We assign treatment for each unit according to its latent cluster,
such that 
$P(D=1\mid G=s)-P(D=0 \mid G=s)=(-1)^{s}\phi$ for  $s=1,2,\cdots,S$, where $\phi\in [0,1]$ is a specified value. The parameter $\phi$  measures the degree of balance between the treated and control populations; as $\phi$ rises from zero to one, the imbalance gradually increases.

Functions $\alpha(\cdot),\beta(\cdot),f(\cdot),g(\cdot)$ are specified as follows.
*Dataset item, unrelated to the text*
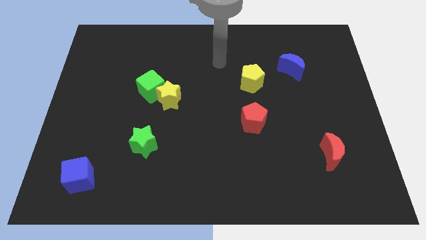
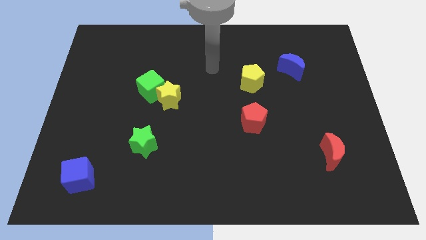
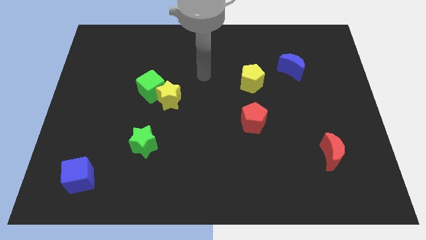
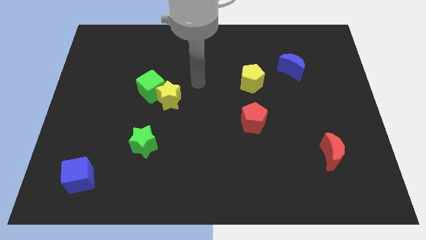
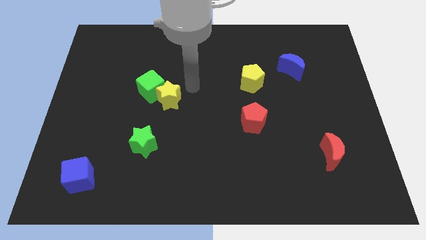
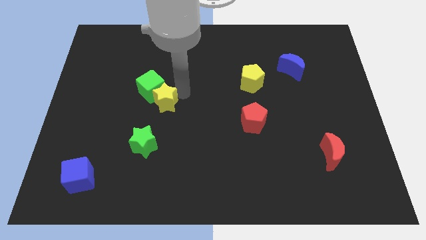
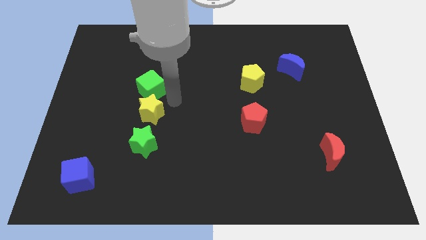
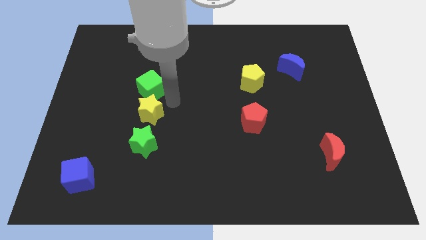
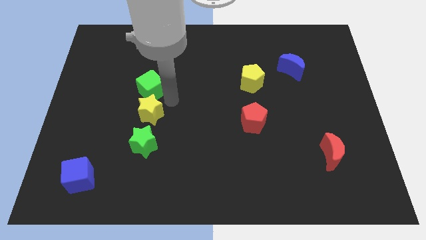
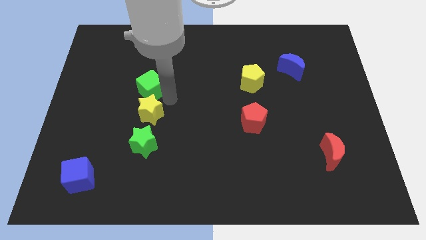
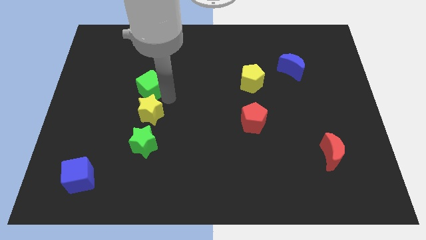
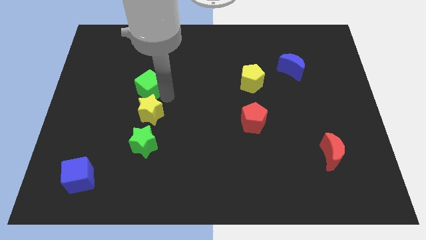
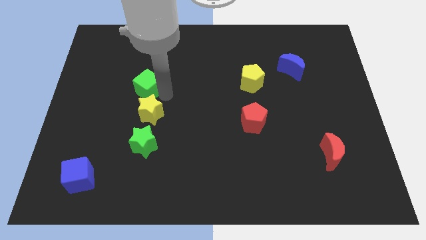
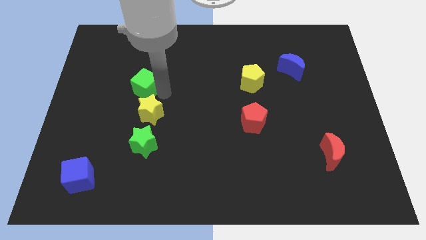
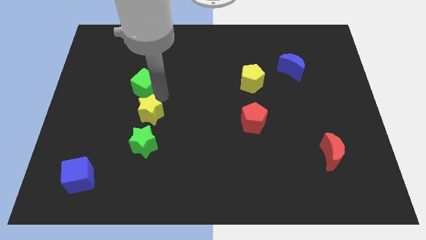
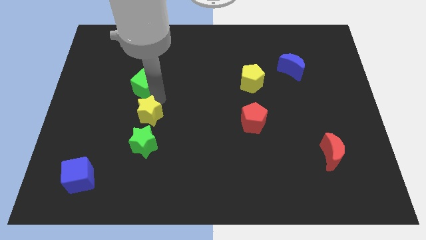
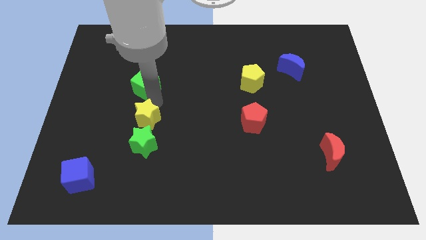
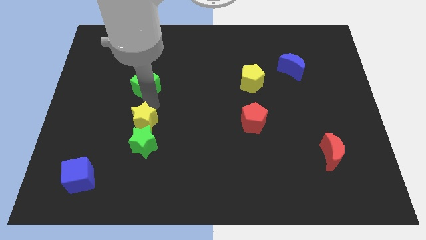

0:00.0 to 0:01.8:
move the green cube away from the yellow star

- The interception function $\alpha(\cdot)$ is
$
\begin{aligned}
     &\alpha(X,W)=\frac{\alpha_1(X\oplus W) + \alpha_2(X\oplus W)-\mu_\alpha}{\sigma_\alpha}\tilde{\sigma}_\alpha+\tilde{\mu}_\alpha,
\end{aligned}
$
where
$\begin{aligned}
     &\alpha_1(Z) = \frac{1}{p_z-4}\sum_{i=0}^{p_z-4} 10\sin(\pi Z_{i} Z_{i+1}) + 20(Z_{i+2} - 0.5)^2 + 10 Z_{i+3} + 5 Z_{i+4},\\
    &\alpha_2(Z) = \frac{1}{p_z-4}\sum_{i=0}^{p_z-4} \sqrt{Z_{i}^2 + \big[Z_{i+1} Z_{i+2}  - 1 / (Z_{i+1} Z_{i+3})\big]^ 2},\quad  Z\in \mathbb{R}^{p_z},
\end{aligned}
$
$\mu_\alpha=E\big[\alpha_1(X\oplus W)+\alpha_2(X\oplus W)\big]$ and $\sigma_\alpha^2=\mathrm{var}\big[\alpha_1(X\oplus W)+\alpha_2(X\oplus W)\big]$, $X\oplus W=(X^T,W^T)^T$ represents concatenating two vectors, and $\tilde{\mu}_\alpha=2$ and $\tilde{\sigma}_\alpha=2$ are the pre-defined mean and standard deviation. See function `make_friedman1` and `make_friedman2` in file "synthic_data.py" for implemented details. 

- The function $\beta(\cdot)$ is
$
\begin{aligned}
&{\beta}(X,W)=\theta_\beta^T(X\oplus W) - E\big[{\theta}_\beta^T(X\oplus W)\big] + \tilde{\mu}_\beta, \quad \theta_\beta\sim \mathcal{N}_{2p}(0,I_{2p}),
\end{aligned}
$
where $\tilde{\mu}_\beta=2$. See function `linear_regression` in file "synthic_data.py" for implemented details.

- The time-varying related function $f(\cdot)$ is
$
\begin{aligned}
& f(W,\lambda_t) = {(\Theta_f^T W)}^T\lambda_t,
\end{aligned}
$
where $\Theta_f$ is a $p\times 3$ matrix and  $\lambda_t\in \mathbb{R}^3$ denotes a time-varying factor. In addition, entries of ${\Theta}_f$ are independently sampled from a normal distribution $\mathcal{N}(0, 1)$. See function`time_series` in file "synthic_data.py" for implemented details.

- The effect function $g(\cdot)$ is
$
\begin{aligned}
&{g}({X})=\frac{\alpha_1({X})/10}{\log(|\alpha_2({X})|+1)}.
\end{aligned}
$
See function `linear_regression` in file "synthic_data.py" for implemented details.